One of the constantly recurring themes in this course is the necessity to get close to your data, look at it in every possible way. We’re going to use the Visualize panel. I’m going to open the Iris dataset.
I’m using it because it has numeric attributes, four numeric attributes: sepallength, sepalwidth, petallength, petalwidth.
The class are three kinds of iris flower: Iris-setosa, Iris-versicolor, and Iris-virginica. Let’s go to the Visualize panel and visualize this data. There is a matrix of two dimensional plots, a 5×5 matrix of plots. If I can select one of these plots, I’m going to be looking at a plot of sepalwidth on the x-axis and petalwidth on the y-axis. That’s a plot of the data. The colors correspond to the three classes. I can actually change the colors – if I don’t like those, I could select another color. But I’m going to leave them the way they are. I can look at individual data points by clicking on them.
This is talking about instance number 86 with a sepallength of 6, sepalwidth of 3.4, and so on. That’s a versicolor, which is why this spot is colored red. We can look individual instances. We can change the x- and y-axes by changing the menus here. Better still, if we click on this little set of bars here, these represent the attributes. I’m going to click on this and the x-axis will change to sepallength. Here the x-axis is sepalwidth. Here the x-axis is petallength, and so on. If I right-click, then it will change the y-axis to sepallength. So I can quickly browse around these different plots. There is a Jitter slider.
Sometimes points sit right on top of each other, and jitter just adds a little bit of randomness to the x- and the y-axes. With a little bit of jitter on here, the darker spots represent multiple instances. If I click on one of those, I can see that that point represents three separate instances, all of class Iris-setosa, and they all have the same value of petallength and sepalwidth – both of which are being plotted on this graph. The sepalwidth and petallength are 3.0 and 1.4 for each of the three instances. If I click another one here, here are two with very similar sepalwidths and petallengths, both have the class versicolor.
The jitter slider helps you distinguish between points that are in fact very close together. Another thing we can do is select bits of this dataset. I’m going to choose “select rectangle” here. If I draw a rectangle now, I can select these points. If I were to “submit” this rectangle, then all other points would be excluded and just these points would appear on the graph, with the axis re-scaled appropriately. Here we go. I’ve submitted that rectangle, and you can see that there are just the red points and green points there.
I can save that if I wanted as a different dataset, or I can reset it and maybe try another kind of selection like this, where I’m going to have some blue points, some red, and some green points, and see what that looks like. This might be a way of cleaning up outliers in your data, by selecting rectangles and saving the new dataset. That’s visualizing the dataset itself. What about visualizing the result of a classifier? Let’s get rid of this Visualize panel and go back to the Preprocess panel. I’m going to use a classifier. I’m going to use, guess what, J48. Let’s find it under “trees”. I’m going to run it.
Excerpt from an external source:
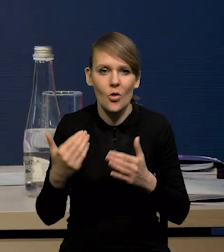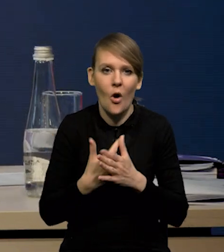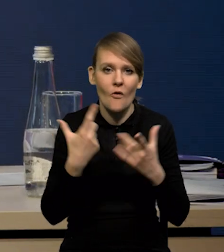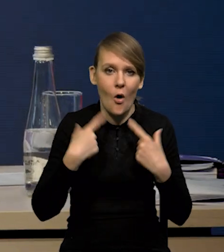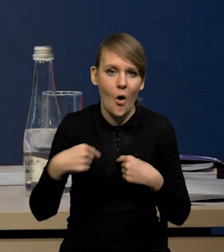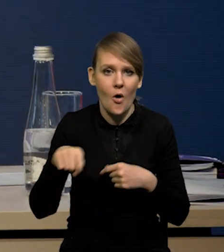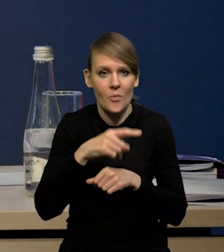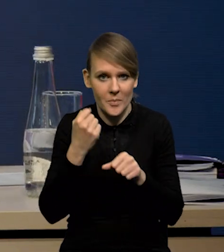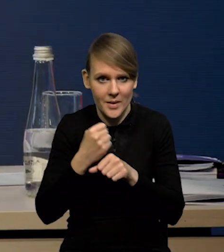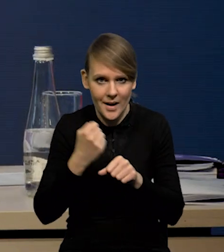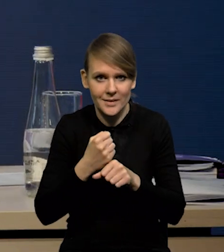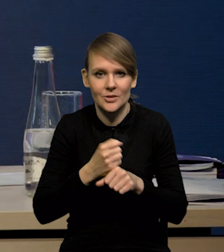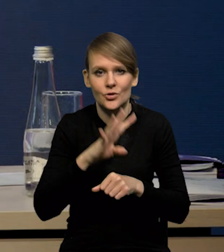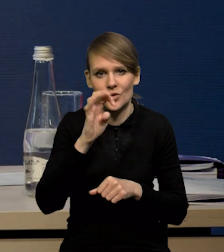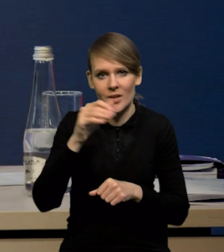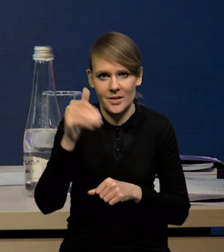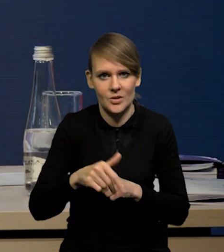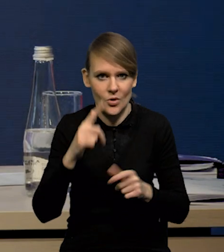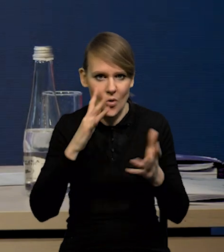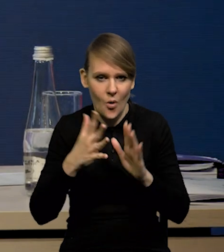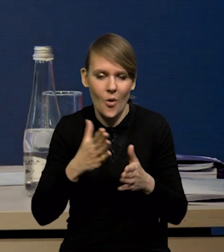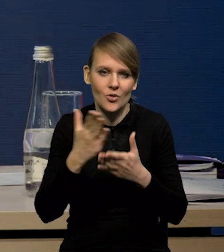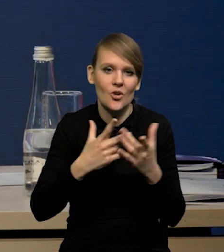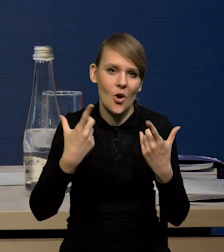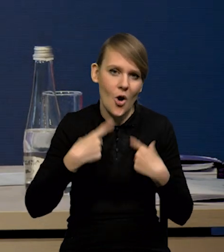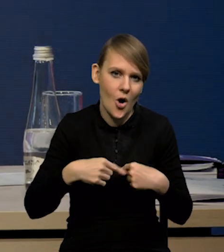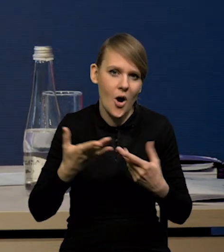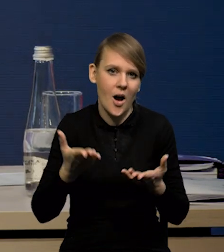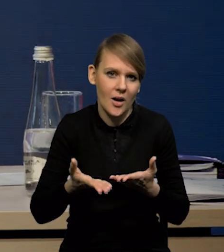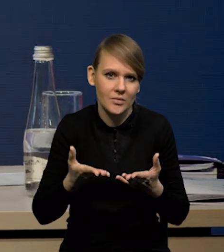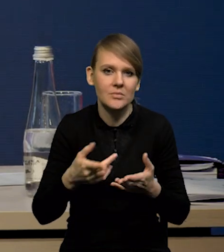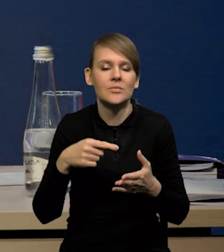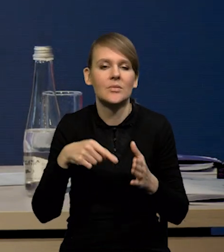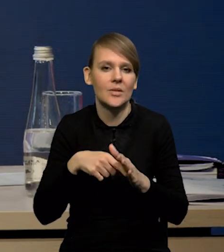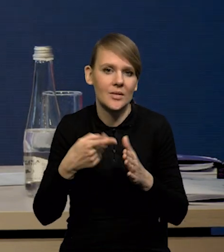że tych nowych osób pracujących jest około 400 000. Część osób oczywiście odpłynęła po wybuchu działań wojennych.

Then if I right-click on this entry here in the “log” area, I can view classifier errors. Here we’ve got the class plotted against the predicted class. The square boxes represent errors. If I click on one of these, I can of course change the different axes if I want. I can change the x-axis and the y-axis. But I’m going to go back to “class” and “predictedclass”.
If I click on one of these boxes, I can see where the errors are. There are two instances where the predicted class is versicolor and the actual class is virginica. We can see these in the confusion matrix. The actual class is virginica, and the predicted class is versicolor, that’s ‘b’. This “2” entry in the confusion matrix is represented by these two instances here. If I look at another point, say this one, here I’ve got one instance, which is in fact a setosa, predicted to be a versicolor. I can look at this plot and find out where the misclassifications are actually occurring, the errors in the confusion matrix.
Get down and dirty with your data: visualize it. You can do all sorts of things. You can clean it up, detect outliers. You can look at the classification errors. For example, there’s a filter that allows you to add the classifications as a new attribute. Let’s just go and have a look at that. I’m going to go and find a filter. We’re going to add an attribute. It’s supervised because it uses the “class”.
Add an attribute: AddClassification. Here I get to choose in the configuration panel the machine learning scheme. I’m going to choose J48, of course, and I’m going to output the classification – make that “true”. That’s configured it, and I’m going to apply it. It will add a new attribute. It’s done it, and this attribute is the classification according to J48. Weka is very powerful. You can do all sorts of things with classifiers and filters.